The example jupyter notebooks also illustrate the scope of functions Normalisr provides.

Documentation
=============
Documentations are available as `html `_ and `pdf `_.

Examples and pipelines
==========================
You can find several examples in the 'examples' folder, to cover all functions Normalisr currently provides. The example datasets have been scaled down to run on a 16GB-memory personal computer. Although they only serve as demonstrations of work here, the pipelines should be transferable to a full-scale, different dataset. Since Normalisr is non-parametric, the only adjustable parameters are for quality control and final cutoffs of differential or co-expression. You can change down-sampling parameters in the examples to run the full datasets on a larger computer.

You can find more details in the respective examples.

Issues
==========================
Pease raise an issue on `github `_.

References
==========================
* Single-cell normalization and association testing unifying CRISPR screen and gene co-expression analyses with Normalisr, Lingfei Wang, Nature Communications 2021. https://doi.org/10.1038/s41467-021-26682-1

FAQ
==========================
* What does Normalisr stand for?
**N**\ ormalisr **O**\ ffers **R**\ obust **M**\ odelling of **A**\ ssociations **L**\ inearly **I**\ n **S**\ ingle-cell **R**\ NA-seq. Yes, it's a recursive acronym. See `GNU `_ and `pip `_.

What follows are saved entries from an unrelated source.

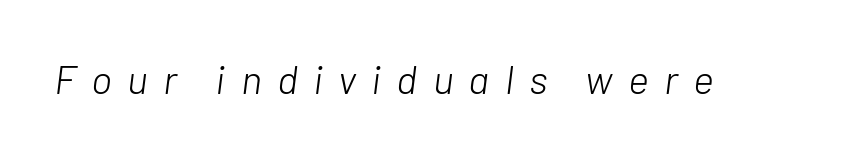
{"italic": "yes", "lean": "right", "slant_degrees": 7, "bold": "no", "weight": "light", "width": "normal", "stroke_contrast": "low", "x_height": "medium", "monospaced": "no", "underline": "no", "letter_spacing": "wide", "letter_spacing_em": 0.38, "glyph_px": 40}
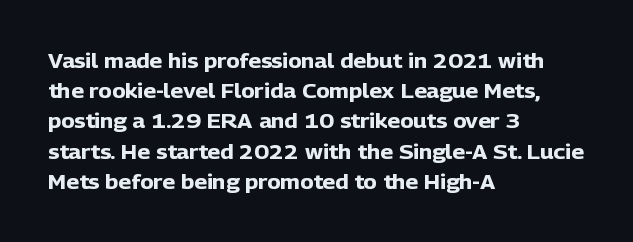
Where is the straight margin? On the left. Between one letter and the next there's only the usual sliver of space. Is there any slant? The stems are plumb. Every letter is thick-stroked: bold, no question.
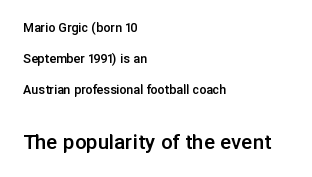
{"italic": "no", "bold": "semi", "underline": "no", "align": "left", "line_spacing": "loose", "line_spacing_ratio": 2.2, "letter_spacing": "normal", "letter_spacing_em": 0.0, "larger_block": "second", "size_ratio": 1.64, "glyph_px": 23}
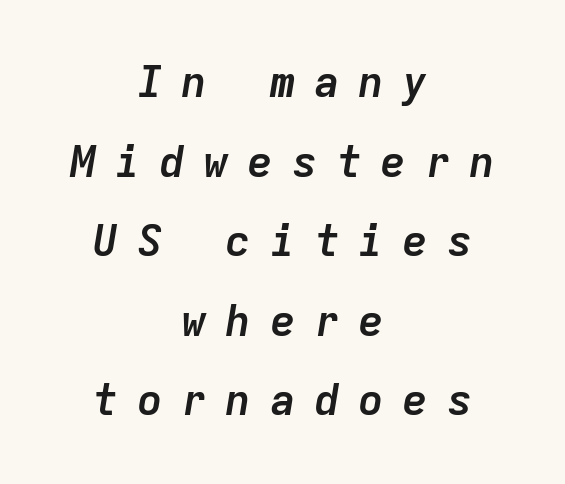
The image shows 43 px semibold type, italic (leaning right), monospaced; set centered, line spacing 1.85x, unusually wide letter spacing (+0.43 em), not underlined; low stroke contrast and a medium x-height.

* I installed Normalisr but typing ``normalisr`` says 'command not found'.
See below.

* How do I use a specific python version for Normalisr's command-line interface?
You can always use the python command to run Normalisr, such as ``python3 -m normalisr`` to replace command ``normalisr``. You can also use a specific path or version for python, such as ``python3.7 -m normalisr`` or ``/usr/bin/python3.7 -m normalisr``. Make sure you have installed Normalisr for this python version.

* Why don't the examples work?
Please make sure you followed every step in the README.md of the respective example folder with Internet connection, and then submit an issue report detailing at which executed line the error occurred with input and output.

* Does Normalisr run on Windows?
I have not tested Normalisr on Windows. However, it is purely in python and should be able to function properly.